Atomic insights on nanoindentation-induced plastic-deformation behavior of tetrahedral amorphous carbon film

Abstract

The nanoindentation-induced deformation behavior of the Cr-doped diamond-like carbon (DLC) films was clarified with Cr concentration varying from 0 to 16.5 at.% by experiment and molecular dynamics simulation. The Cr-DLC films were fabricated by a direct cathode vacuum arc technique and Cr dopants existed in the form of stripes owing to the deposition features. Results showed the addition of Cr facilitated the transformation of sp3-C bonds to sp2-C bonds, resulting in a decrease of the hardness and elastic modulus. Especially, the sp2 nano-crystallites with the lamellar structure were found in the Cr (16.5 at.%)-DLC film.
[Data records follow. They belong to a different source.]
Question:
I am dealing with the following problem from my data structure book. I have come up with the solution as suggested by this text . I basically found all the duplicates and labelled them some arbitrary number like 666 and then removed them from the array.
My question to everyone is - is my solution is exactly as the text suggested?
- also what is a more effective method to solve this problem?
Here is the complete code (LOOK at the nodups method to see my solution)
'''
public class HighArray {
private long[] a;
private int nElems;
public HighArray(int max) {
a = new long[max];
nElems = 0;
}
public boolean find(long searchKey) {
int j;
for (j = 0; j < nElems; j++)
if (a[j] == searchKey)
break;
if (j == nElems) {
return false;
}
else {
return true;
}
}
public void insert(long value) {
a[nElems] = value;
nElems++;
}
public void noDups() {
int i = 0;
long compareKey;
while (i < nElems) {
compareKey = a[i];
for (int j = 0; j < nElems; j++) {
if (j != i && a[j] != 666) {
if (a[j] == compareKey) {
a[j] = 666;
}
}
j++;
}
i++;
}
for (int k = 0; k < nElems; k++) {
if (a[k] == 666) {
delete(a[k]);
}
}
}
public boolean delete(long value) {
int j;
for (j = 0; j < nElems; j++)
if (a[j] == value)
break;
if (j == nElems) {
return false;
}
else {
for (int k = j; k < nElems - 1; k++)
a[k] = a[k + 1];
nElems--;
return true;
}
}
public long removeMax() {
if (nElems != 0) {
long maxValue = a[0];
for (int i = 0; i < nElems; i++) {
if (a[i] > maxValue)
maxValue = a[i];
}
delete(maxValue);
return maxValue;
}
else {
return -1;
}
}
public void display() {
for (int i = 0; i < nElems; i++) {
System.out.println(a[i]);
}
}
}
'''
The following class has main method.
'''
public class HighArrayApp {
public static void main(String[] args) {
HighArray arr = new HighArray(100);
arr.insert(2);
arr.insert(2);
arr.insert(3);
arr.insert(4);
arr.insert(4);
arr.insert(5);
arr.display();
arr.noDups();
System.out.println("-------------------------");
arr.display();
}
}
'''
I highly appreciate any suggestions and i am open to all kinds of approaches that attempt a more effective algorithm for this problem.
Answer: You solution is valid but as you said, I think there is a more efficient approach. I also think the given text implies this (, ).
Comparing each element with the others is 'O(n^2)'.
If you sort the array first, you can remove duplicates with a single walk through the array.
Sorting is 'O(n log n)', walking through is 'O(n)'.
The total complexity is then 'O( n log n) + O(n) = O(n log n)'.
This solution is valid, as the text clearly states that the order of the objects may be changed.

During nanoindentation, the ring-like cracking on the surface and lateral crack at the interface are exhibited in the Cr-free DLC film, while the introduction of Cr makes the DLC film alleviate the cracking trend. According to the atomic-scale analysis, Cr can significantly improve the plasticity of the DLC film because the Cr-rich cluster with a high free volume can facilitate the shear transformation zones percolation and the shear bands (SBs) nucleation by collective coordinated vortex-like movements of atoms. The Cr-free DLC film can hardly accommodate high plastic strain with very few fine SBs and blockage of the SBs.